| What needs to be done |
Set down the entries below exactly; drop the pictures.

Records excerpted from a collection:
::::
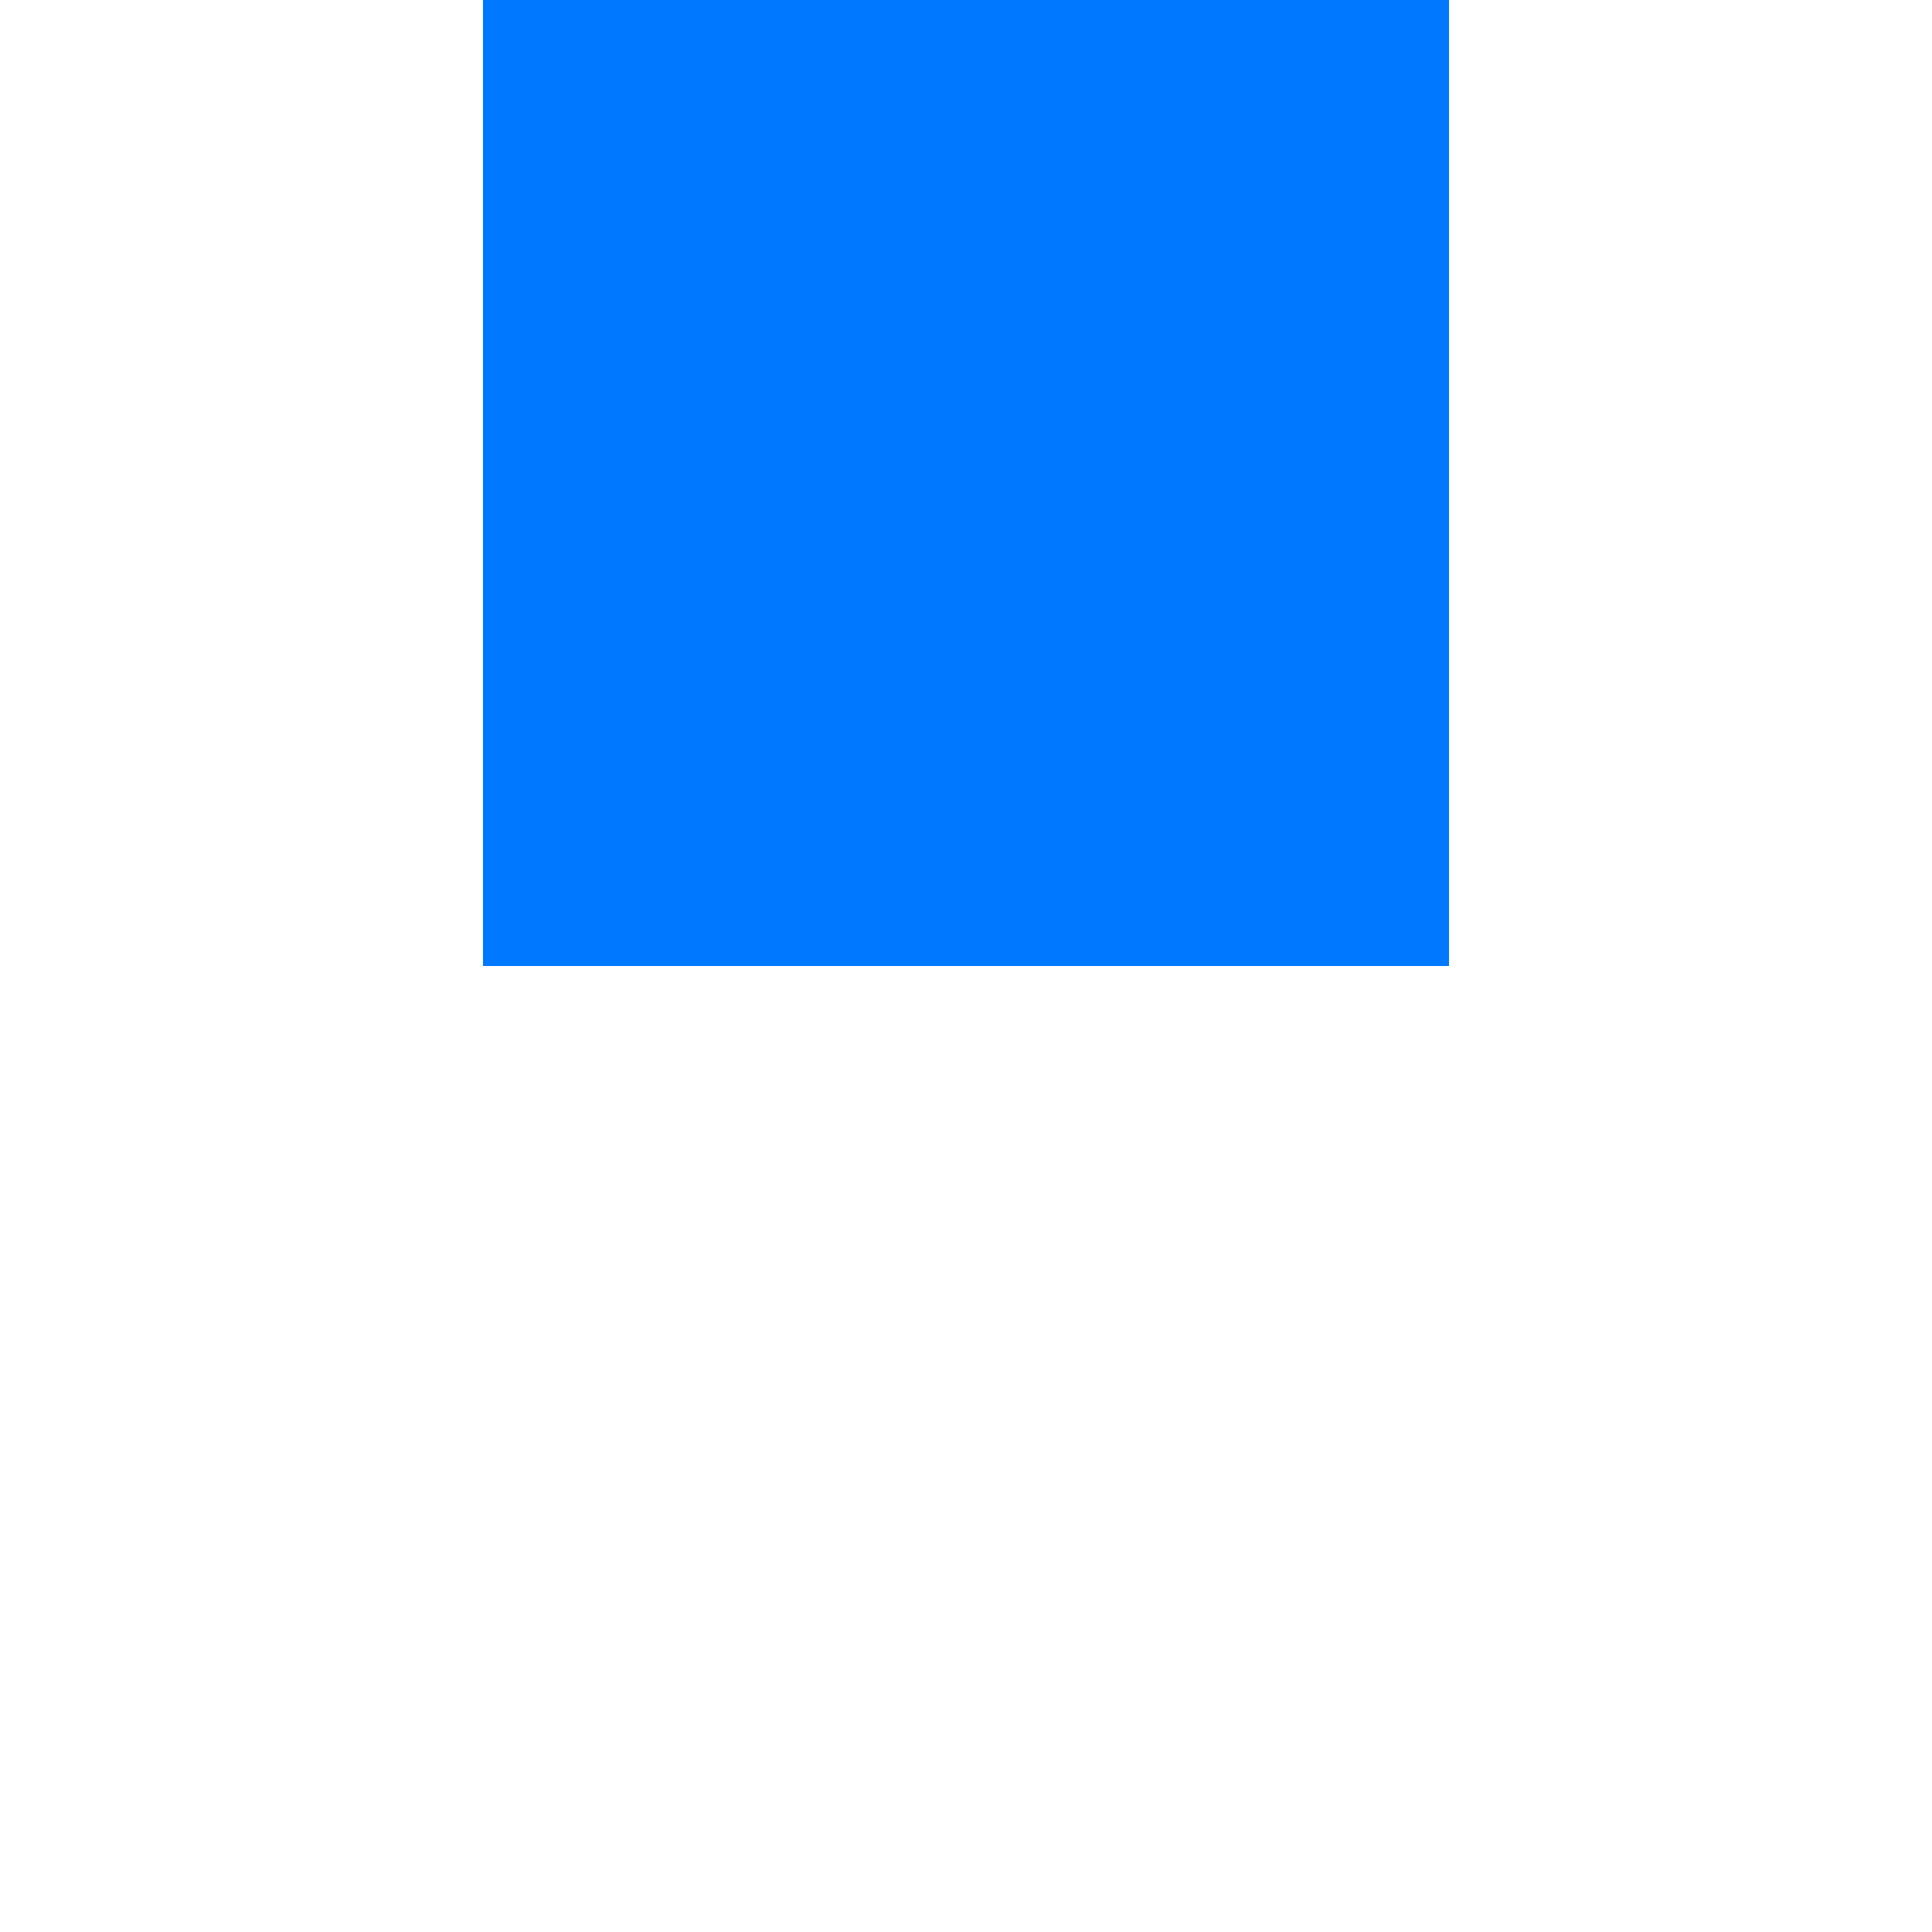 ﻿<?xml version="1.0" encoding="utf-8"?>
<svg version="1.1" xmlns:xlink="http://www.w3.org/1999/xlink" width="4px" height="4px" preserveAspectRatio="xMinYMid meet" viewBox="18 25  4 2" xmlns="http://www.w3.org/2000/svg">
  <path d="M 24.293 18.893  L 20 23.186  L 15.707 18.893  L 14.293 20.307  L 19.293 25.307  L 20 26.014  L 20.707 25.307  L 25.707 20.307  L 24.293 18.893  Z " fill-rule="nonzero" fill="#0078ff" stroke="none" transform="matrix(-1 1.2246467991473532E-16 -1.2246467991473532E-16 -1 40 39 )" />
  <path d="M 20 13  L 20 24  " stroke-width="2" stroke="#0078ff" fill="none" transform="matrix(-1 1.2246467991473532E-16 -1.2246467991473532E-16 -1 40 39 )" />
</svg>
::::
| Answer box |
 ﻿<?xml version="1.0" encoding="utf-8"?>
<svg version="1.1" xmlns:xlink="http://www.w3.org/1999/xlink" width="4px" height="4px" preserveAspectRatio="xMinYMid meet" viewBox="18 25  4 2" xmlns="http://www.w3.org/2000/svg">
  <path d="M 24.293 18.893  L 20 23.186  L 15.707 18.893  L 14.293 20.307  L 19.293 25.307  L 20 26.014  L 20.707 25.307  L 25.707 20.307  L 24.293 18.893  Z " fill-rule="nonzero" fill="#0078ff" stroke="none" transform="matrix(-1 1.2246467991473532E-16 -1.2246467991473532E-16 -1 40 39 )" />
  <path d="M 20 13  L 20 24  " stroke-width="2" stroke="#0078ff" fill="none" transform="matrix(-1 1.2246467991473532E-16 -1.2246467991473532E-16 -1 40 39 )" />
</svg>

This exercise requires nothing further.